Queremos cada día crecer más y más en nuestra fe y en nuestro amor. Nos dejamos iluminar por su Palabra y nos queremos dejar caldear por el fuego de su Espíritu de amor. Pero todo eso no es para nosotros solos, para que nos enriquezcamos nosotros solos con su gracia. ¿Sentiremos también la llamada que nos impulsa hacia delante para ir al encuentro con los demás con la Buena Noticia de lo que vivimos? Tenemos que ser apóstoles también, enviados de Jesús.
Cristo también a nosotros nos envía y nos confía una misión, su mismo misión. El anuncio del Reino, la construcción del Reino de Dios día a día en nuestro mundo es nuestra tarea también. Un anuncio que tenemos que manifestar con nuestra vida. Nuestro actuar tiene que manifestar también las señales del Reino. Como los apóstoles que llevaban el mensaje de la paz, que curaban a los enfermos o echaban demonios.
Si nos hemos enriquecido con toda clase de bendiciones y de gracia en Cristo Jesús, como nos dice san Pablo en la carta a los Efesios, si hemos sido elegidos para ser consagrados, ser santos, para ser irreprochables en el amor, todo eso no lo podemos encerrar en nosotros mismos; si así se ha derrochado su amor en nosotros, ahora tenemos que llevarlo a los demás, tenemos que hacer partícipes a nuestro mundo de esa Sabiduría de Dios, de esa gracia; tenemos que decirle a los demás, también vosotros estáis salvados – ‘esa extraordinaria noticia de que habéis sido salvados’, como nos dice san Pablo -, también para vosotros es la salvación, el tesoro de la gloria de Dios.
Finalmente un detalle.
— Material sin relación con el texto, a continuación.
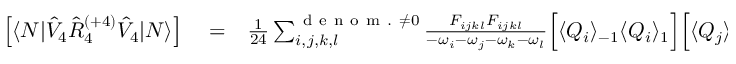
\begin{array} { r l r } { \left[ \langle N | \hat { V } _ { 4 } \hat { R } _ { 4 } ^ { ( + 4 ) } \hat { V } _ { 4 } | N \rangle \right] } & { { } = } & { \frac { 1 } { 2 4 } \sum _ { i , j , k , l } ^ { { \mathrm { ~ d ~ e ~ n ~ o ~ m ~ . ~ } \neq 0 } } \frac { F _ { i j k l } F _ { i j k l } } { - \omega _ { i } - \omega _ { j } - \omega _ { k } - \omega _ { l } } \Big [ \langle Q _ { i } \rangle _ { - 1 } \langle Q _ { i } \rangle _ { 1 } \Big ] \Big [ \langle Q _ { j } \rangle _ { - 1 } \langle Q _ { j } \rangle _ { 1 } \Big ] \Big [ \langle Q _ { k } \rangle _ { - 1 } \langle Q _ { k } \rangle _ { 1 } \Big ] \Big [ \langle Q _ { l } \rangle _ { - 1 } \langle Q _ { l } \rangle _ { 1 } \Big ] } \end{array}

En el envío que hace Jesús de los Doce, como hemos escuchado en el evangelio, vemos que Jesús les pide que lleven pocas cosas, ‘para el camino un bastón… unas sandalias, y nada más… ni pan, ni alforja, ni dinero suelto en la faja, ni una túnica de repuesto…’ ¿Qué querrán significar esas recomendaciones de Jesús?
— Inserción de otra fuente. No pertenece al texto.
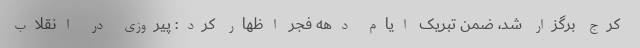
کرج برگزار شد، ضمن تبریک ایام دهه فجر اظهار کرد: پیروزی در انقلاب
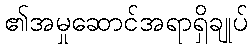
၏အမှုဆောင်အရာရှိချုပ်
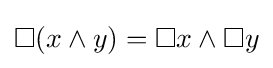
\Box (x\land y)=\Box x\land \Box y
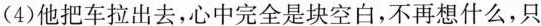
(4)他把车拉出去，心中完全是块空白，不再想什么，只
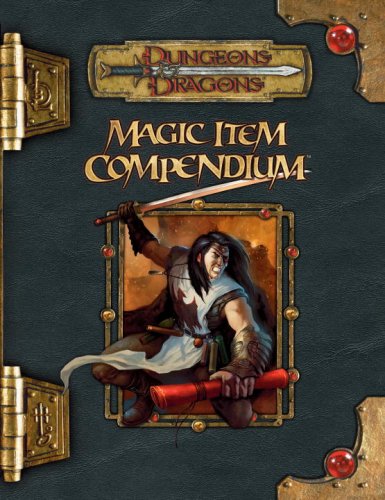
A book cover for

El solamente nos pide disponibilidad para ir con corazón generoso a los demás; que no llevemos las ataduras de pesados bagajes o alforjas que nos impidan esa libertad de movimiento nacida del amor. No vamos a hacer ostentación de nosotros mismos ni de lo que nosotros valemos o podemos, sino que es el anuncio de Jesús y de su Reino lo que tenemos que trasmitir. Es a Jesús a quien anunciamos y en quien tienen que fijarse y a quien tienen que escuchar.
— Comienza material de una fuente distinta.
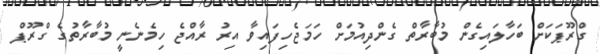
ގްރޫޕަކަށް ބަހާލައިގެން މުބާރާތް ގެންދިއުމަށް ހަމަޖެހިފައިވާ އިރު ރާއްޖެ ހިމެނެނީ މުބާރާތުގެ ގްރޫޕް
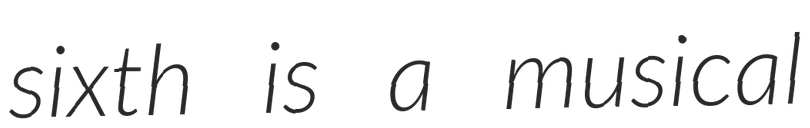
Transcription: sixth is a musical
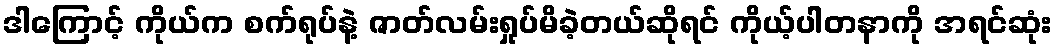
ဒါကြောင့် ကိုယ်က စက်ရုပ်နဲ့ ဇာတ်လမ်းရှုပ်မိခဲ့တယ်ဆိုရင် ကိုယ့်ပါတနာကို အရင်ဆုံး
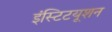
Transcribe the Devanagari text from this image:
इंस्टिटयूशन
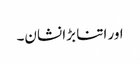
اور اتنا بڑا نشان۔
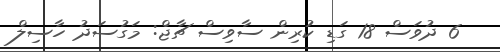
6 ދުވަސް 18 ގަޑި ކުރިން ސާވިސް ޗާޖް: މަގުސަދު ހާސިލް
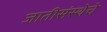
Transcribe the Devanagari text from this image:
जातीसंस्थेचे
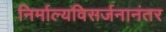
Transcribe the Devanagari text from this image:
निर्माल्यविसर्जनानंतर
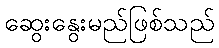
ဆွေးနွေးမည်ဖြစ်သည်
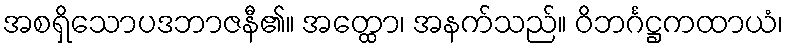
အစရှိသောပဒဘာဇနီ၏။ အတ္ထော၊ အနက်သည်။ ဝိဘင်္ဂဋ္ဌကထာယံ၊
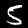
Label: 5
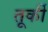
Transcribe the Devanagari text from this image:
तूर्की
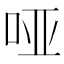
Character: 哑
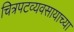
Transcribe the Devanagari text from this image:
चित्रपटव्यवसायाच्या
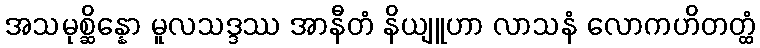
အသမုစ္ဆိန္နော မူလသဒ္ဒဿ အာနီတံ နိယျူဟာ လာသနံ လောကဟိတတ္ထံ
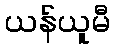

‘Ve y profetiza a mi pueblo…’ nos dice el Señor como al profeta. Las únicas señales que tenemos que dar son las del amor. ‘Curar enfermos, echar demonios, llevar el saludo de la paz’, como los apóstoles. Seremos profetas y cumpliremos la misión confiada si damos esas señales del amor. Esos signos de amor que tendrán que traducirse en tantas cosas buenas que podemos hacer por los otros en nuestro compartir generoso, en la misericordia de nuestro corazón, en la acogida sincera y auténtica de todo hombre como hermano, en la paz que trasmitimos desde la sinceridad de nuestro corazón, en tantas y tantos obras de misericordia que tenemos oportunidad de realizar cada día.